YOUR INSTRUCTIONS:
Type the listing below out again exactly. No images.

MATERIAL SHOWN:
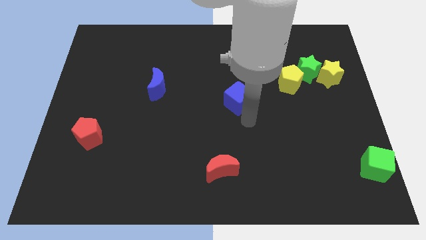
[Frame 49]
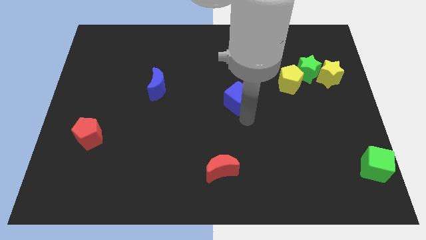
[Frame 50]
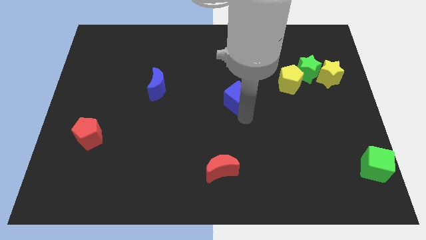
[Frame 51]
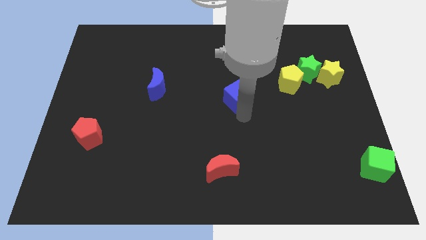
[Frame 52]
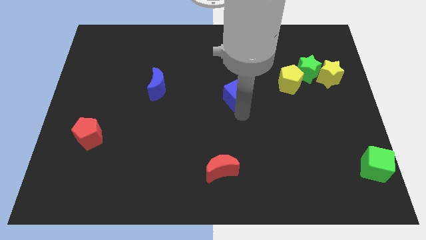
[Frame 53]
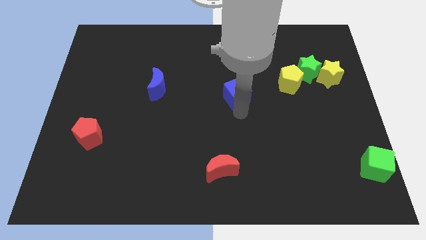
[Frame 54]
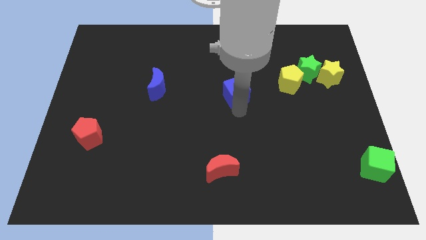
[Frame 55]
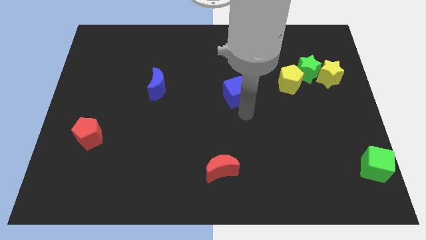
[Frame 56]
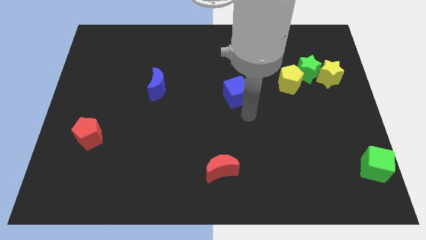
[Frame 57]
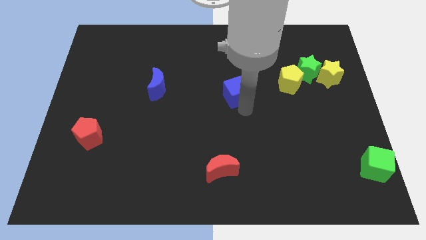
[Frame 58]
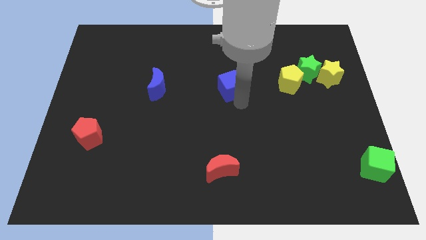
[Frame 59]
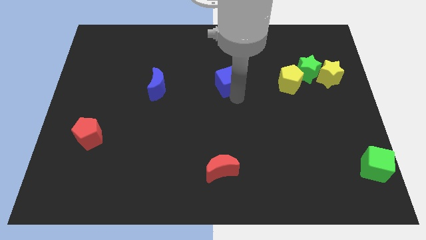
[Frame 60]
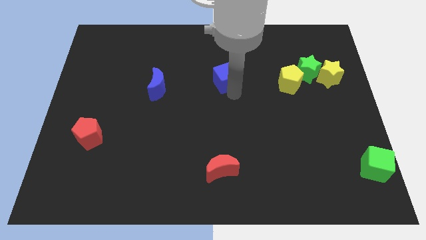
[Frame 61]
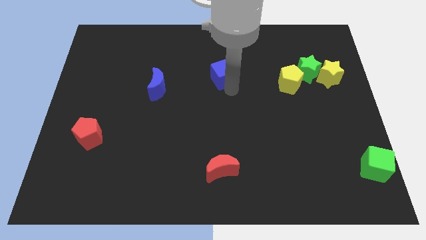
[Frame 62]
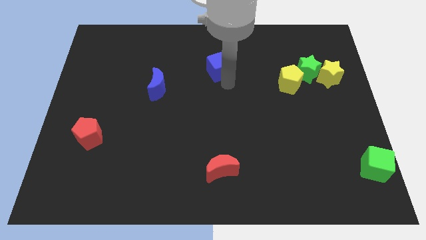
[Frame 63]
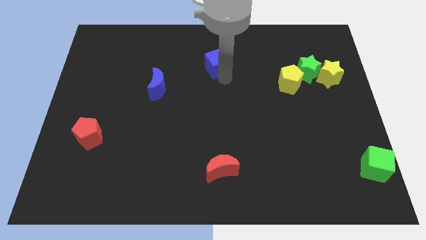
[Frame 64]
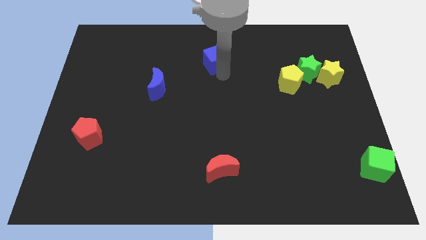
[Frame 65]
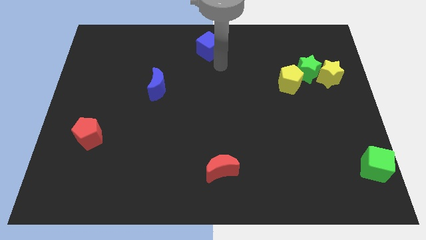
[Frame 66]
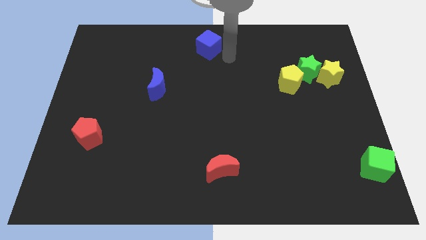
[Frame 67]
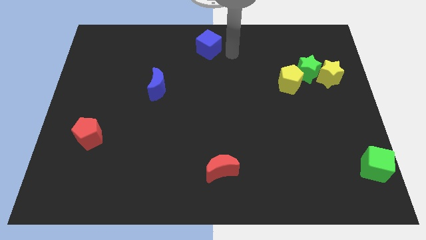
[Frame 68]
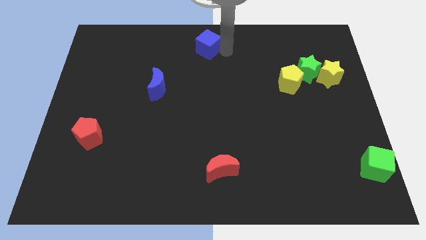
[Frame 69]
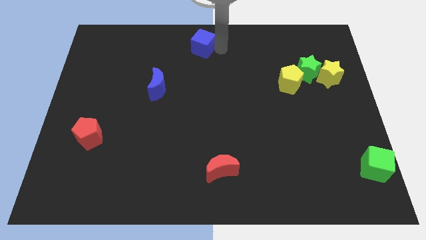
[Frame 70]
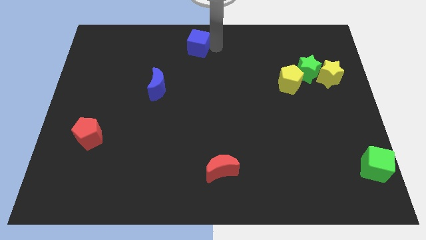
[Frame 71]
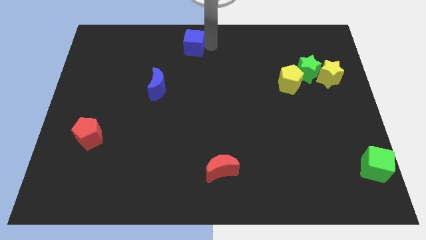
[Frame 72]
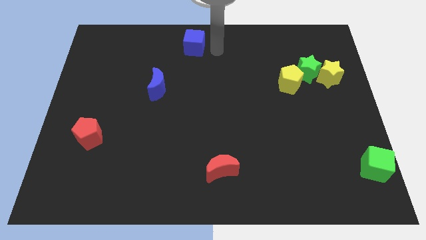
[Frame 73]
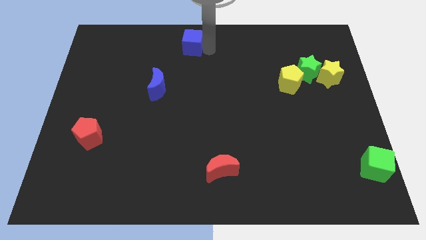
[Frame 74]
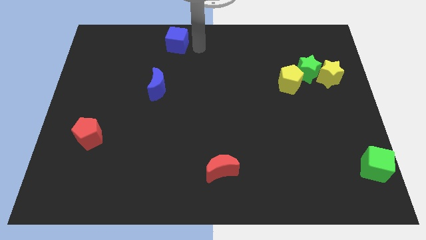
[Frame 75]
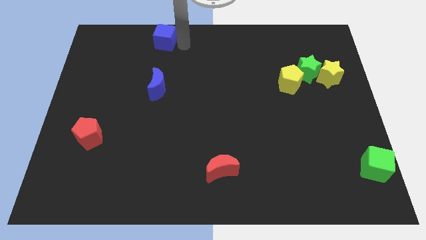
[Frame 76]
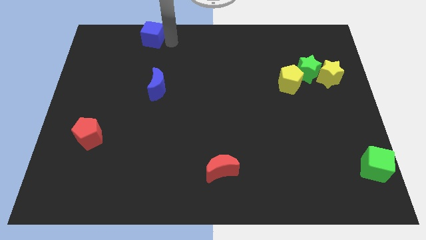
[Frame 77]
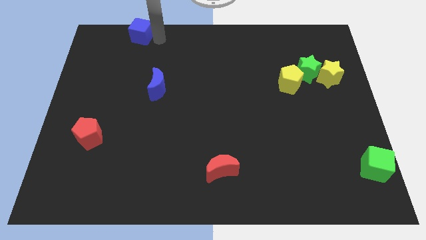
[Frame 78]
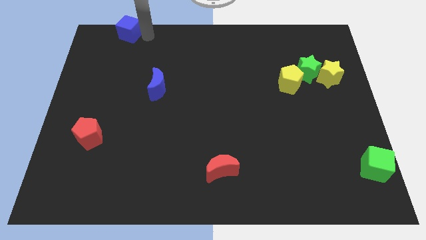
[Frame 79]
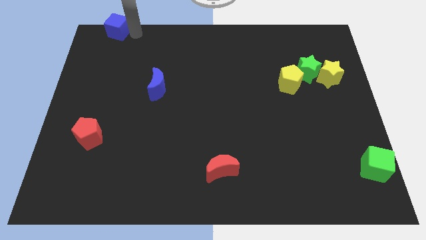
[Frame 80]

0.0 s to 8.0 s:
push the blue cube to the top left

RESPONSE:
[Frame 49]
[Frame 50]
[Frame 51]
[Frame 52]
[Frame 53]
[Frame 54]
[Frame 55]
[Frame 56]
[Frame 57]
[Frame 58]
[Frame 59]
[Frame 60]
[Frame 61]
[Frame 62]
[Frame 63]
[Frame 64]
[Frame 65]
[Frame 66]
[Frame 67]
[Frame 68]
[Frame 69]
[Frame 70]
[Frame 71]
[Frame 72]
[Frame 73]
[Frame 74]
[Frame 75]
[Frame 76]
[Frame 77]
[Frame 78]
[Frame 79]
[Frame 80]

0.0 s to 8.0 s:
push the blue cube to the top left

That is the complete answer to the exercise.